Затем судья приказал, чтобы я присутствовал при уничтожении Эйрока на случай, если он нападет на кого-либо из служащих Центра. Он пояснил, что, поскольку я тренировал Эйрока как боевую собаку, он без колебания подчинится моим командам. Этот приказ, заметил он, не следует рассматривать как проявление жестокости по отношению ко мне. (Вот в это я не могу поверить и сейчас...).
На следующий день я приехал в Центр в назначенное время, и меня отвели в комнату смерти. Там был и Эйрок. Его заперли в стальную клетку, без еды и питья, и было видно, что со вчерашнего дня ему ничего не давали. Ассистентка ушла. Я вышел в холл, налил в бумажный стаканчик холодной воды из автомата и принес Эйроку. Выпив ее, он благодарно лизнул мои руки. Я гладил и ласкал его через прутья решетки.
Явился оператор и заявил мне, чтобы я не трогал *животное*. Я ответил ему лишь холодным взглядом, продолжая гладить Эйрока. Оператор пробурчал что- то и начал готовиться к казни. Спустя некоторое время он подошел к двери клетки и открыл ее. Эйрок рванулся к нему, и он захлопнул дверь снова. *Твой пес - ты его и сажай туда, он тебя послушается* - заявил он, показывая на газовую камеру.
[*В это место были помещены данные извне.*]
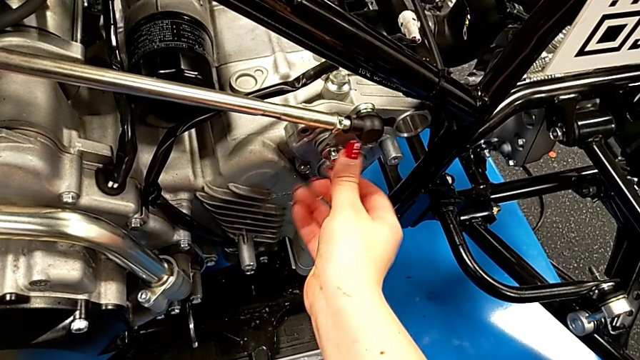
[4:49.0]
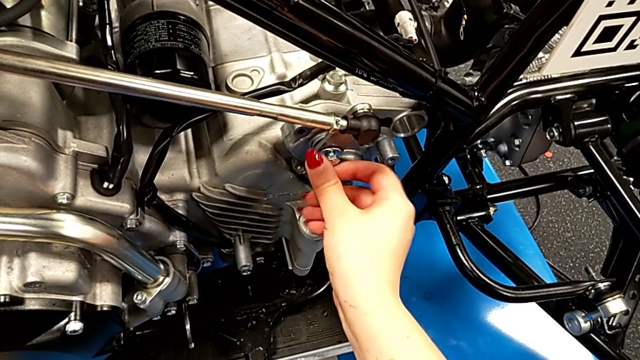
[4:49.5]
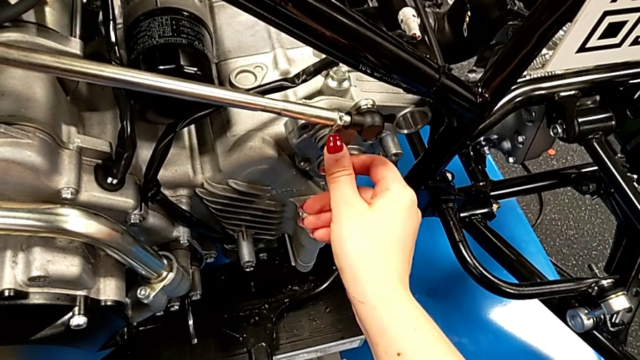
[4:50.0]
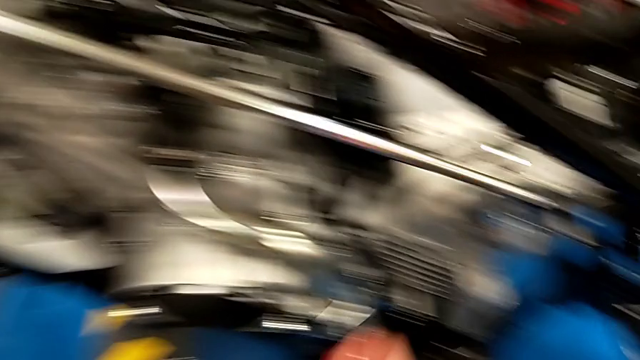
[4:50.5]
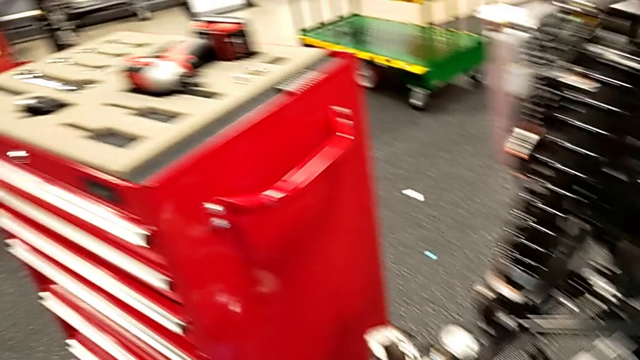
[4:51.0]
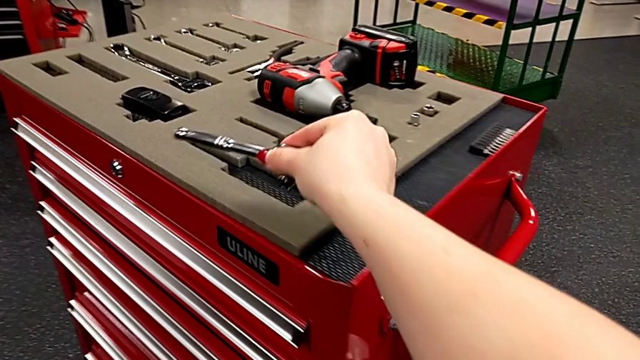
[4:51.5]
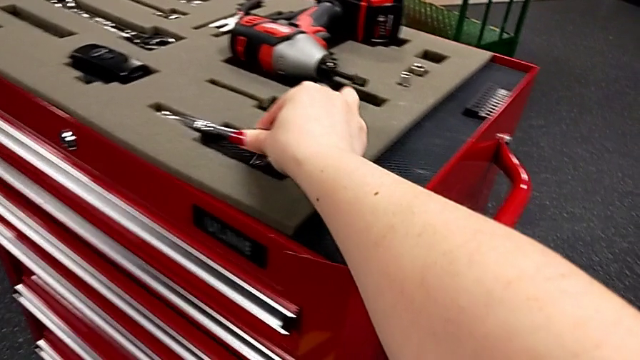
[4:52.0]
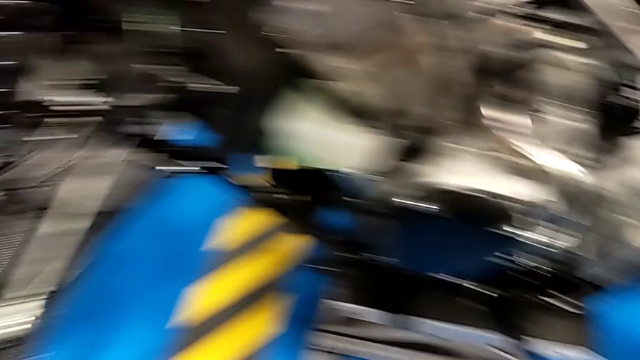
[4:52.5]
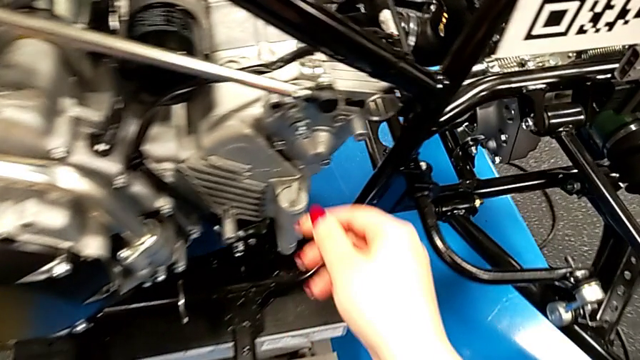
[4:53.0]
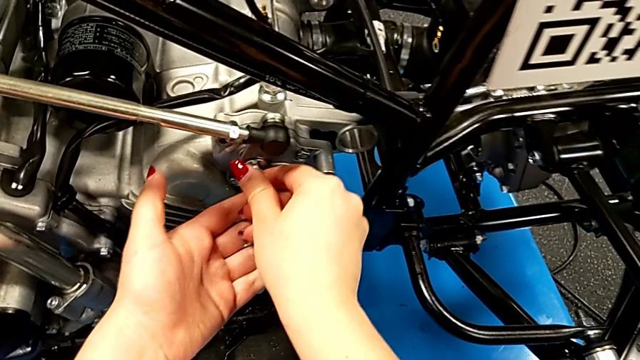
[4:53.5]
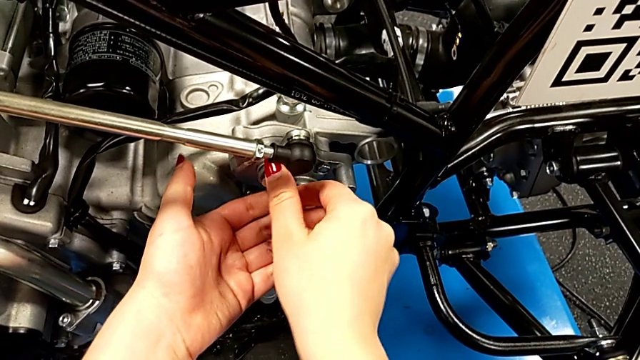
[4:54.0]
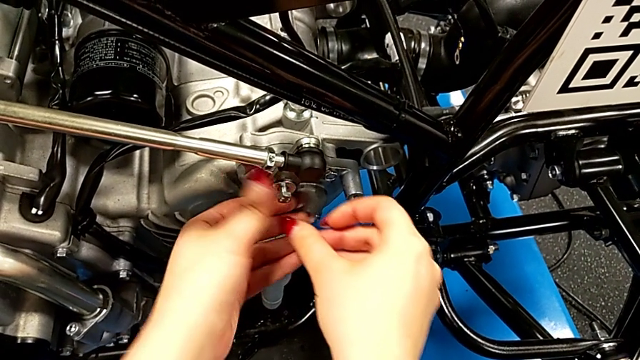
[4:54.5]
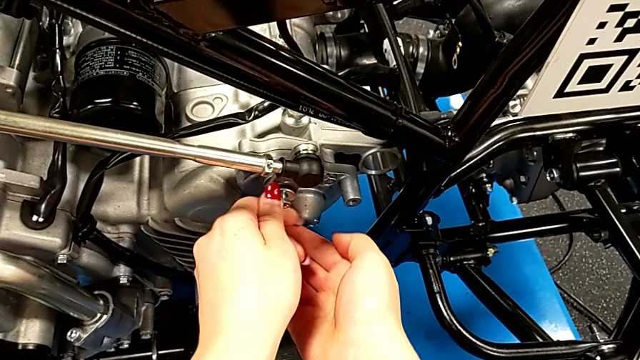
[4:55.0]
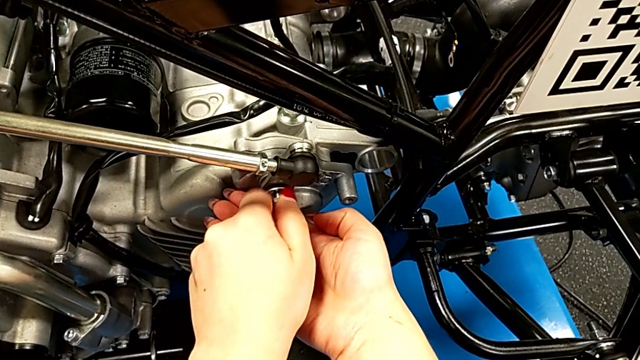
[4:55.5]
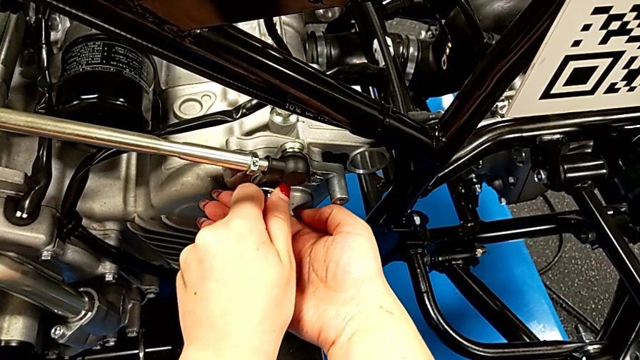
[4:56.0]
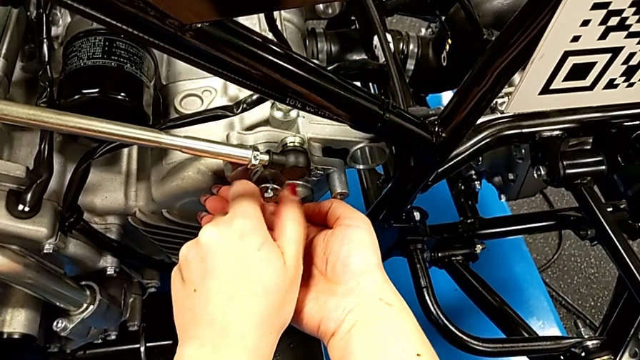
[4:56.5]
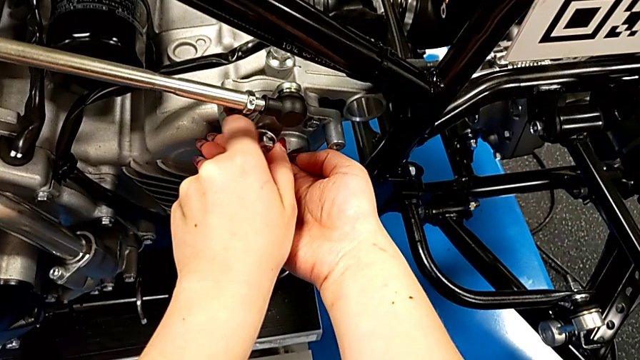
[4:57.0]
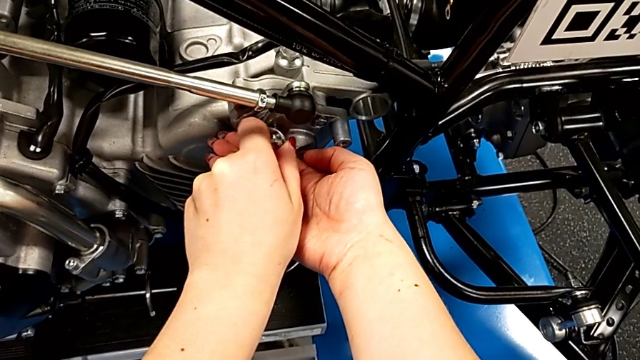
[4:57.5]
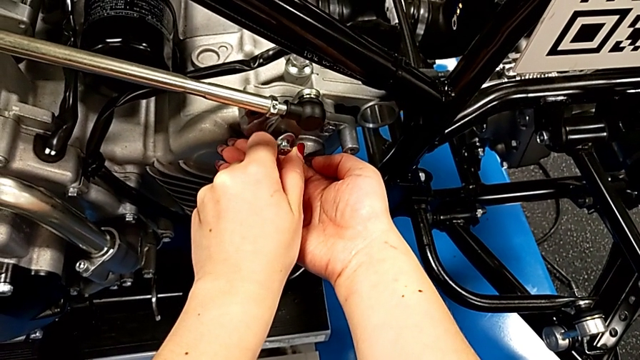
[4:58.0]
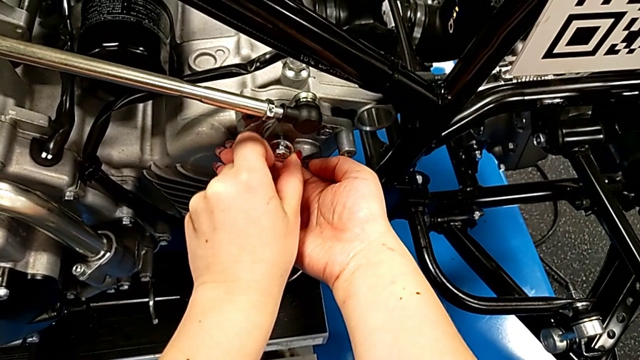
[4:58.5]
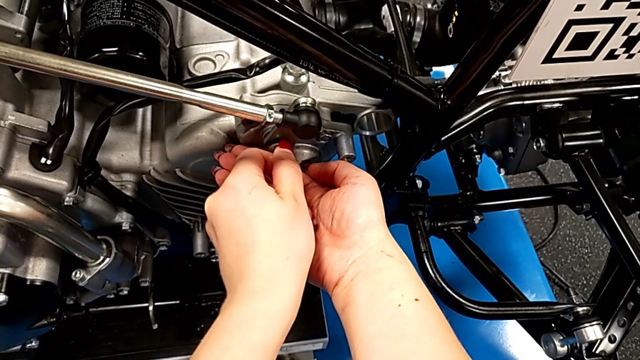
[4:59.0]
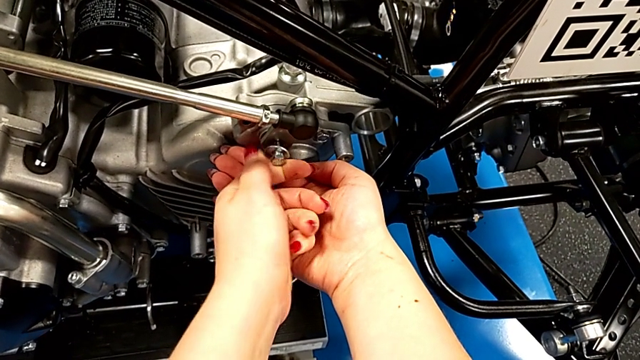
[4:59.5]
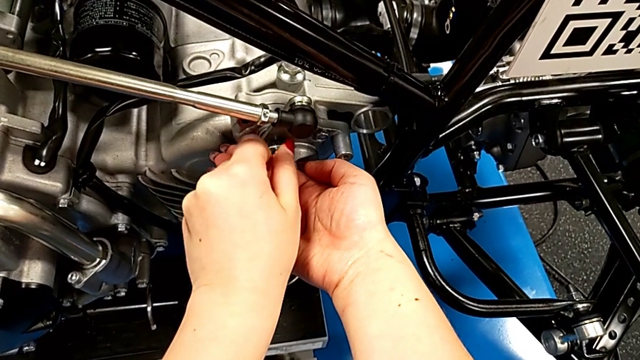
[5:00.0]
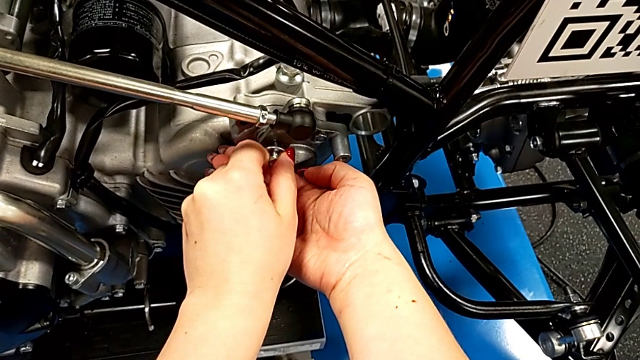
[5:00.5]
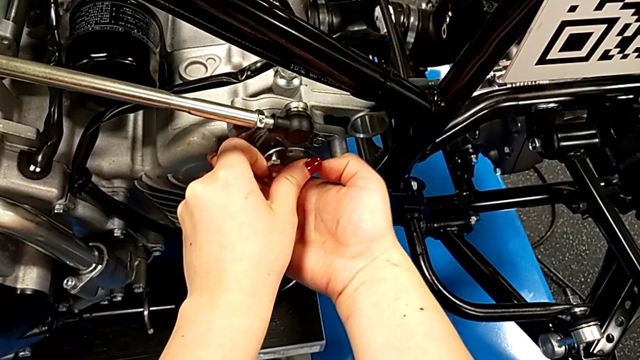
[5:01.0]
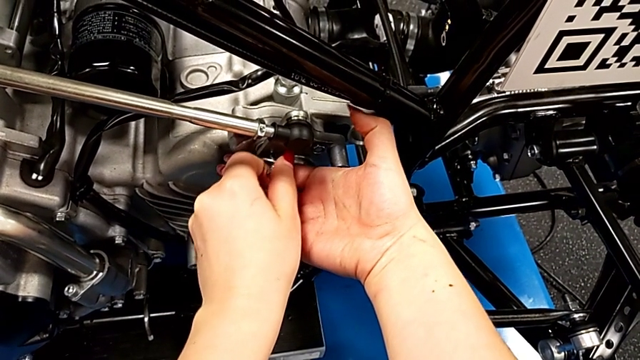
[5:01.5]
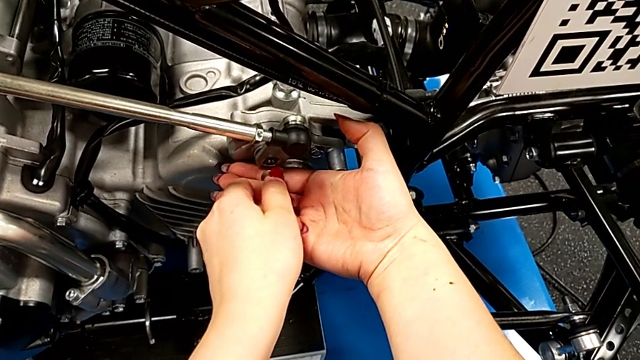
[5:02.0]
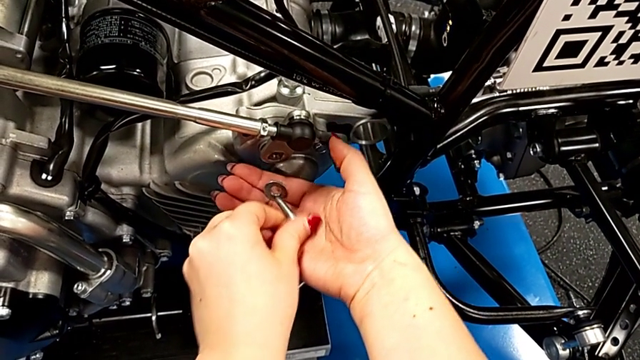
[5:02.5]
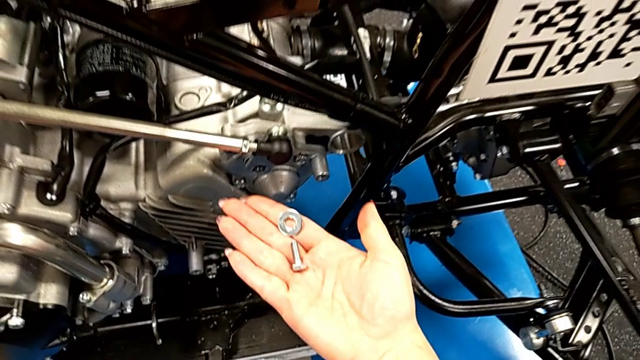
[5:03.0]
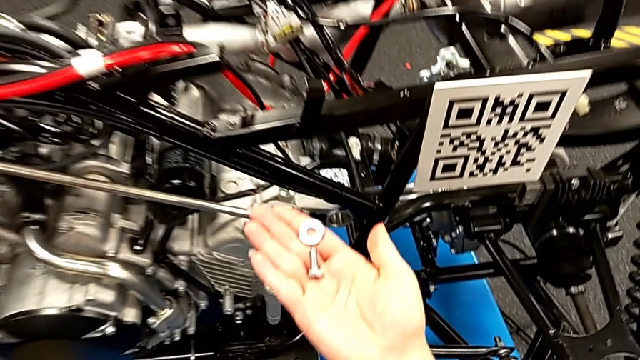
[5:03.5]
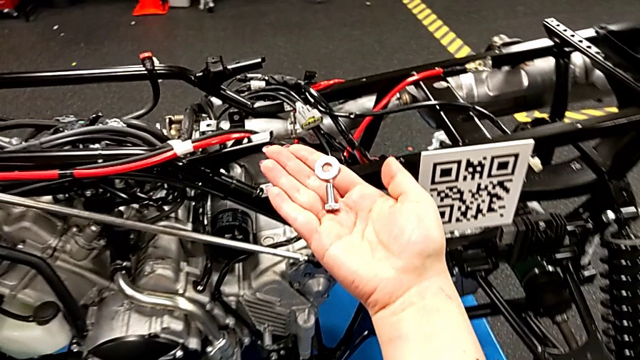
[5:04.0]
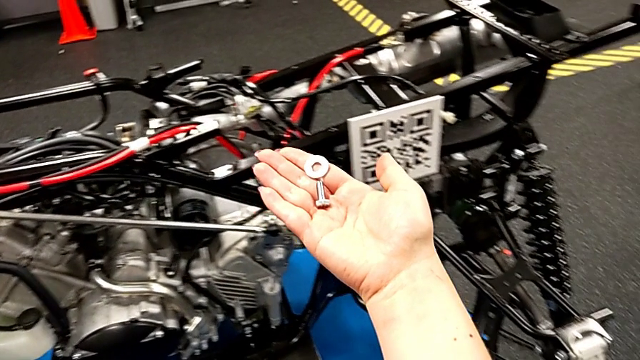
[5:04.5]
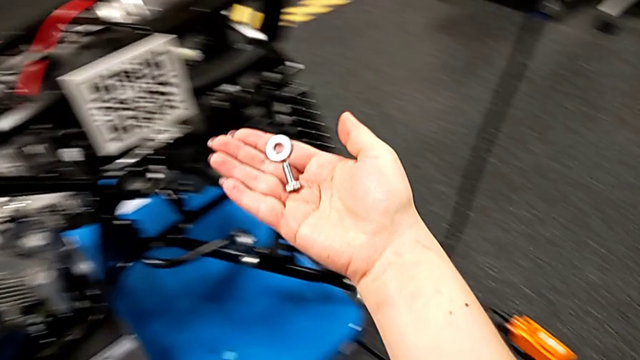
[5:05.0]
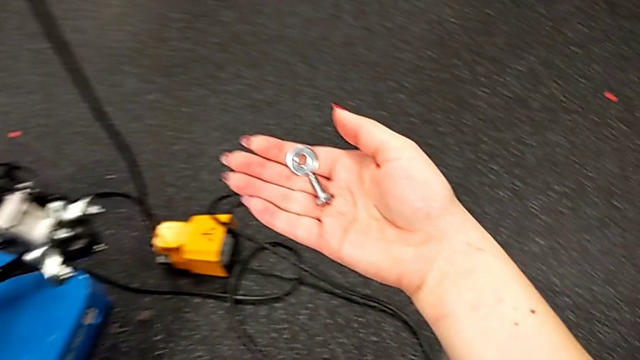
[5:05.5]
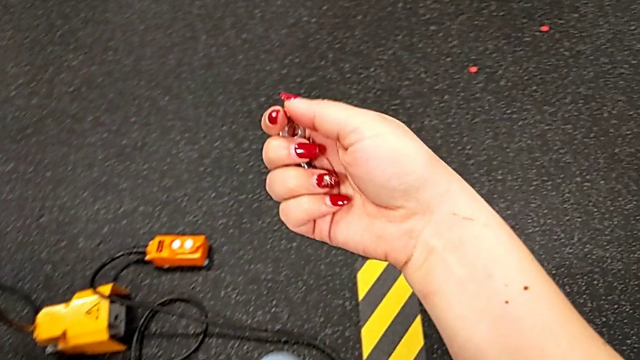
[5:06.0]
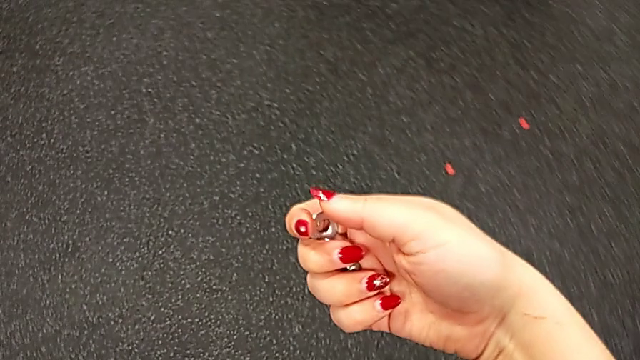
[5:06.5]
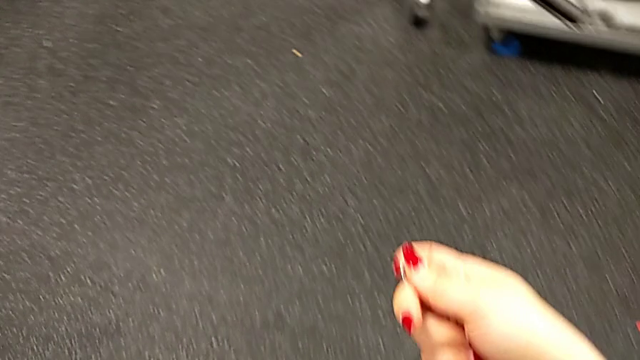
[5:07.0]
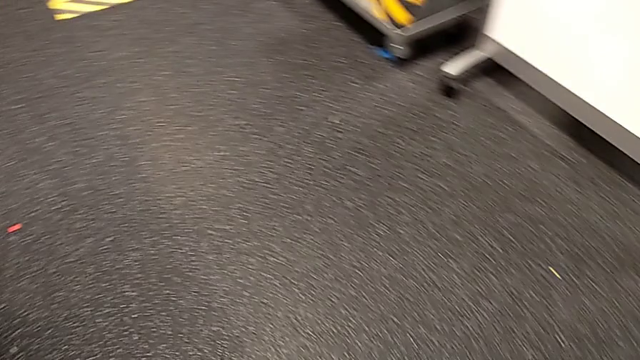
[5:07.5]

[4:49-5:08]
The camera wearer is unscrewing the screw with the ratchet. They unscrew the bolt, place the ratchet, unscrew the bolt, withdraw it and hold it.

Я открыл клетку и чуть выпустил Эйрока встретить меня. Он потерся носом о меня и лизал мое лицо, а я обнимал его в самый последний в жизни раз. Крепко прижимаясь к нему, я шептал ему, *Я люблю тебя... Прости меня за то, что я должен сделать... Ты не делал ничего плохого и всегда любил меня... Ты доказал, что можешь отдать жизнь, чтобы защитить меня... Помни, я люблю тебя, и мы еще будем вместе, и тогда нас уже никто не разлучит...* Я прижал к плечу его голову и поцеловал его в щеку.
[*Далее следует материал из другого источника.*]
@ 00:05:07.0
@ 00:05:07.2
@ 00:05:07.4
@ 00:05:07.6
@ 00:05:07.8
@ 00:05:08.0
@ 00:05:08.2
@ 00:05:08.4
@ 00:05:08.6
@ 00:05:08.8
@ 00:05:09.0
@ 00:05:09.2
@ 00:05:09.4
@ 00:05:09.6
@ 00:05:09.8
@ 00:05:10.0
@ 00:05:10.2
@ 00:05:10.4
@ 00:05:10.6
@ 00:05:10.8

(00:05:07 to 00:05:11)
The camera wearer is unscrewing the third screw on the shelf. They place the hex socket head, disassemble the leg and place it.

Оператор, начав терять терпение, попытался взять Эйрока за ошейник, который почему-то еще был на нем. Краем глаза увидя его и то, что он собирался сделать, я развернулся к нему и сказал: *Нет. Не смей. Даже не думай об этом. Это мой пес, я люблю его так, как ты и тебе подобные и подумать не могут. Он не сделал ничего такого, чтобы совершить над ним то, что ты собираешься.* Он открыл было рот, но я оборвал его. * Я знаю, что сказал судья, я был при этом. Но судья не был при нападении на мой дом. Он не видел, что случилось на самом деле. Я - видел, и знаю, что пес не заслужил такого. Я отведу его в камеру, но только когда попрощаюсь с ним. Ты сделаешь свое дело, но лишь когда я скажу тебе. Или мне выпустить его в этой комнатушке?* Ему не очень-то понравилось все это, но он согласился, хоть и со злобой.